Sur une période de 110 ans, quatre campagnes photographiques ont permis de documenter une portion des paysages flamands. Entre 1904 et 1911, le botaniste Jean Massart a réalisé une série de photographies de paysages en Flandre afin de représenter la végétation naturelle dans le paysage et les relations entre l’agriculture et la géographie. En 1980, Georges Charlier, accompagné du botaniste Leo Vanhecke, a photographié à nouveau environ 60 images de Massart et, en 2003, Jan Kempenaers a été chargé de photographier les mêmes scènes. Une quatrième série a été réalisée par Michiel De Cleene en 2014. Chacune met l’accent sur des aspects documentaires, artistiques et scientifiques. La collection sert maintenant à la recherche sur l’urbanisation et les mutations du paysage.

Ces 4 séries mettent chacune l’accent sur différentes perceptions du paysage.
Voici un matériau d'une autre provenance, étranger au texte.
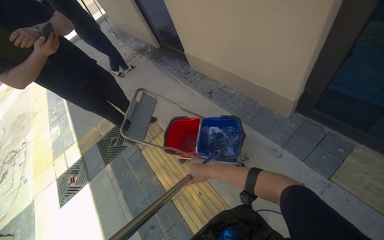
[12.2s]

Des aspects documentaires, artistiques et scientifiques peuvent être perçus dans chacune. Cette collection ainsi constituée sert maintenant de base de recherches sur l’urbanisation et les mutations du paysage.

Le projet a donné lieu à une exposition au SMAK (1) et à un livre aux éditions Roma.

 

Le 10 octobre dernier, la librairie Volume à Paris organisait une présentation de l’ouvrage lors d’une soirée animée par Jac Fol qui réunissait autour de lui : Pieter Uyttenhove et Bruno Notteboom, auteurs et directeurs de l’ouvrage et le photographe Georges  Charlier.

de gauche à droite : Samuel Hoppe, Jac Fol, Bruno Notteboom, Pieter Uyttenhove

Les intervenants se sont interrogés sur la liberté du photographe dans ce cadre strict. Analysant les déplacements de ligne d’horizon, de lumières à partir des données de référence de Jean Massart. L’apport de la narrativité dans le paysage combiné à la richesse des regards mettent en place un dispositif permettant d’écrire un scénario du paysage. Thème développé dans les textes sur la base d’une comparaison avec la chronophotographie.

L’exposition de 2006 était une coproduction de l’Université SMAK et Gand – Département d’architecture et d’urbanisme et bibliothèque universitaire avec le focus architecture-.

Le livre  abondamment illustré par la collection complète de photos de Jean Massart, Georges Charlier et Jan Kempenaers, comprend des données descriptives, un atlas pratique des lieux et une brève description analytique de chaque ensemble de photographies. Un corpus de textes avec des entretiens et les points de vue des chercheurs trouve un complément interactif sur le site.

Sur la base de dix lieux en Flandre, une histoire commentée de la transformation du paysage, de la conception urbaine, du cadre de vie et de la culture vivante est présentée. La recherche urbaine de Labo S (2) fournit un certain nombre de solutions pour mieux comprendre les causes de ce changement, telles que l’expansion des zones résidentielles et les mutations de l’agriculture qui indiquent l’industrialisation de la production alimentaire. Les réseaux d’infrastructure, les mâts GSM, les éoliennes, la gestion des cours d’eau et les impacts à grande échelle sont particulièrement frappants.

Contrairement aux attentes, les images montrent que de nouvelles zones naturelles ont récemment été créées, mais pas toujours pour des raisons écologiques. Vous verrez, entre autres, une zone de compensation pour l’extension du port d’Anvers. Ou un horizon entièrement construit à la limite d’une nouvelle zone naturelle à Nieuport, résultat visible de la demande croissante de séjours temporaires sur la côte et de la pression des promoteurs immobiliers.

La recherche peut être consultée dans son intégralité sur le site. Les photos peuvent être visualisées de manière interactive: sur une carte de la Flandre, vous pourrez afficher les soixante «paysages», ainsi que toutes les données de la recherche.

Notes :

(1)  S.M.A.K. (Stedelijk Museum voor Actuele Kunst)

(2) Labo S est le laboratoire de recherche en développement urbain du département d’architecture et d’urbanisme de l’Université de Gand. Il est destiné aux recherches sur les problèmes de développement urbain axées sur la conception et les missions. L’expertise et la vision sur les problèmes de la « métropole horizontale » sont développées et transmises au moyen de travaux d’étude et de projets de recherche, ainsi que d’expositions, de colloques et de publications.